Tribunal Administratif de Grenoble — Décision N° TA38-2507964

mercredi 30 juillet 2025

JuridictionTribunal Administratif de Grenoble
SectionTribunal Administratif de Grenoble
N° DossierTA38-2507964
TypeDécision
RecoursPlein contentieux

Résumé IA

Le Tribunal administratif de Grenoble, statuant en référé, a fait droit à la demande de la commune de La Côte-Saint-André visant à obtenir une expertise sur un immeuble menaçant ruine. Sur le fondement des articles L. 511-9 et R. 511-2 du code de la construction et de l'habitation, le juge a désigné un expert avec pour mission d'examiner le bâtiment, de constater l'état des lieux et des mitoyens, et de proposer des mesures pour mettre fin à un éventuel péril imminent. L'expert devra accomplir sa mission dans un délai de 24 heures et déposer son rapport sous cinq jours.

Texte intégral

Vu :

- les pièces jointes à la requête ;

- le code de la construction et de l'habitation ;

- le code de justice administrative.

Considérant ce qui suit :

1. Aux termes de l'article L. 511-9 du code de la construction et de l'habitation : " Préalablement à l'adoption de l'arrêté de mise en sécurité, l'autorité compétente peut demander à la juridiction administrative la désignation d'un expert afin qu'il examine les bâtiments, dresse constat de leur état y compris celui des bâtiments mitoyens et propose des mesures de nature à mettre fin au danger. L'expert se prononce dans un délai de vingt-quatre heures à compter de sa désignation () ". En outre, en application de l'article R. 511-2 du même code et de l'article R. 556-1 du code de justice administrative, il est statué sur cette requête suivant la procédure de référé prévue à l'article R. 531-1 du même code.

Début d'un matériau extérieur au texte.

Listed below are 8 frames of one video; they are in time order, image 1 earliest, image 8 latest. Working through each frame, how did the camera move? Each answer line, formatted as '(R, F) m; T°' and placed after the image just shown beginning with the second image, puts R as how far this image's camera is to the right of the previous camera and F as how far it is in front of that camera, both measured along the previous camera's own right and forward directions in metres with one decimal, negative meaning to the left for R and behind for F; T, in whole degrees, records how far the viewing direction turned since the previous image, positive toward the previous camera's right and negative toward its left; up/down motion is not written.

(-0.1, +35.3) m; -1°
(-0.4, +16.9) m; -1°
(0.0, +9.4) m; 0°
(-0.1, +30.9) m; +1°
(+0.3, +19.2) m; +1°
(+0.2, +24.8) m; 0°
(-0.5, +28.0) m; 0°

2. Les mesures d'expertise demandées par la commune de la Cote Saint-André (Isère) entrent dans le champ d'application des dispositions législatives et réglementaires précitées. Il y a lieu dès lors d'y faire droit et de fixer la mission de l'expert comme il est précisé à l'article 1er de la présente ordonnance.

ORDONNE:

Article 1er : Monsieur A F est désigné en qualité d'expert. Il aura pour mission :

- de prendre connaissance des pièces du dossier ;

- d'examiner l'immeuble situé sur le territoire de la commune de La Côte Saint-André cadastré à la section BE sous le n° 135, au 5 rue Lion d'Or de dresser un relevé précis des désordres affectant cet immeuble, ainsi que le cas échéant de constater l'état des bâtiments mitoyens et de dire s'il y a péril imminent ;

- de proposer des mesures de nature à mettre fin à l'imminence du péril s'il la constate en vue d'assurer la sécurité publique et celle des occupants, et d'établir un échéancier précis de ces mesures.

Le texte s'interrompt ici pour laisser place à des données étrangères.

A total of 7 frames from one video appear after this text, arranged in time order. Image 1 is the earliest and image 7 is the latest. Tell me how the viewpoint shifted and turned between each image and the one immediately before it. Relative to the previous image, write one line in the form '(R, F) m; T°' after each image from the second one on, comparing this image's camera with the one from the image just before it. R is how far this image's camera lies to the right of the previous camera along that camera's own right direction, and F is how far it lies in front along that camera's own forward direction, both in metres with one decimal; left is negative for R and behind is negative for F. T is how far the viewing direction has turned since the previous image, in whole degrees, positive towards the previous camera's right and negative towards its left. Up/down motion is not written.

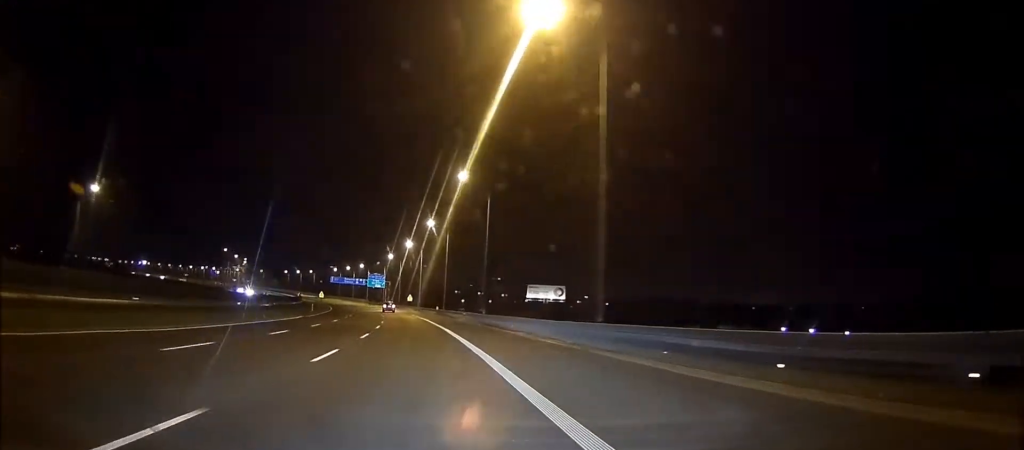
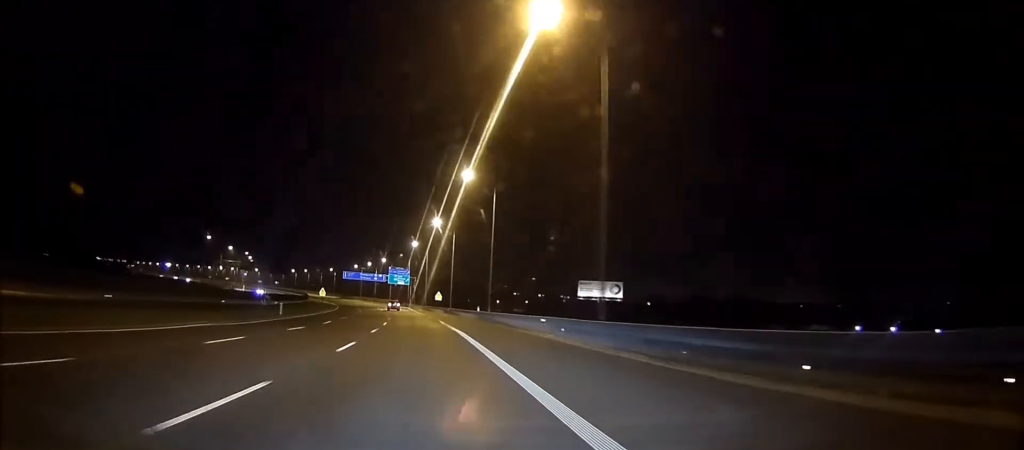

Article 2 : L'expert, qui prêtera serment, avertira d'urgence par tous les moyens à sa convenance, la commune de la Cote Saint-André, Monsieur D C, propriétaire du bâtiment, et Madame E B, occupante du bâtiment, du jour et de l'heure des opérations d'expertise qui auront lieu dans le délai de 24 heures prévu par l'article L. 511-3 du code de la construction et de l'habitation. A l'issue de ces opérations, il informera les parties des mesures de sauvegarde à prendre impérativement sans délai.

Article 3 : L'expert déposera son rapport dans les cinq jours qui suivent sa nomination au greffe du Tribunal. Des copies seront notifiées par l'expert aux parties intéressées conformément à l'article R. 621-9 du code de justice administrative.

Article 4 : Les frais et honoraires dus à l'expert seront taxés ultérieurement par ordonnance du président du Tribunal qui désignera la ou les parties qui en assumeront la charge conformément à l'article R. 621-13 du code de justice administrative.

Article 5 : La présente ordonnance est exécutoire aussitôt rendue.

Article 6 : La présente ordonnance sera notifiée à la commune de la Cote Saint-André et à l'expert par tout moyen utile.

Fait à Grenoble, le 30 juillet 2025

Le juge des référés,

Jean-Paul WYSS

La République mande et ordonne à la préfète de l'Isère en ce qui le concerne ou à tous commissaires de justice à ce requis en ce qui concerne les voies de droit commun contre les parties privées, de pourvoir à l'exécution de la présente décision.